Long-term animal studies have not been performed to evaluate the carcinogenic potential of halobetasol propionate.

In a 90-day repeat-dose toxicity study in rats, topical administration of LEXETTE at dose concentrations from 0.005% to 0.05% or from 0.011 to 0.11 mg/kg/day of halobetasol propionate resulted in a toxicity profile consistent with long-term exposure to corticosteroids including adrenal atrophy, histopathological changes in several organ systems indicative of severe immune suppression, and opportunistic fungal and bacterial infections. A no observable adverse effect level could not be determined in this study. Although the clinical relevance of the findings in animals to humans is not clear, sustained glucocorticoid-related immune suppression may increase the risk of infection and possibly the risk of carcinogenesis.
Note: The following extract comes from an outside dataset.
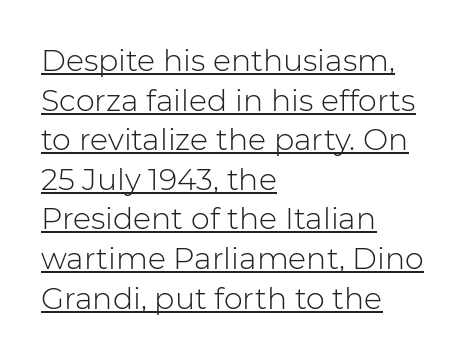
{"serif": "no", "italic": "no", "bold": "no", "weight": "light", "width": "normal", "stroke_contrast": "low", "x_height": "medium", "monospaced": "no", "underline": "yes", "align": "left", "line_spacing": "normal", "line_spacing_ratio": 1.32, "letter_spacing": "normal", "letter_spacing_em": 0.0, "glyph_px": 30}

Halobetasol propionate was not found to be genotoxic in the Ames/Salmonella assay, in the Chinese hamster CHO/HGPRT assay, in the mouse micronucleus test, in the sister chromatid exchange test in somatic cells of the Chinese hamster, or in the chromosome aberration test in somatic cells of Chinese hamsters. Positive mutagenicity effects were observed in two genotoxicity assays: Chinese hamster nuclear anomaly test and mouse lymphoma gene mutation assay in vitro. Studies in the rat following oral administration at dose levels up to 0.05 mg/kg/day indicated no impairment of fertility or general reproductive performance.

LEXETTE (halobetasol propionate) topical foam, 0.05% is a white to off-white foam.

It is supplied in aluminum cans of:
50 grams (NDC 51862-618-50)

Store at 20°-25°C (68°-77°F); excursions permitted to 15ºC and 30ºC (59ºF to 86ºF). Contents under pressure.

Do not puncture or incinerate. Do not expose to heat or store at temperatures above 120°F (49°C).

Do not freeze.

LEXETTE is flammable; avoid heat, flame, or smoking when using this product.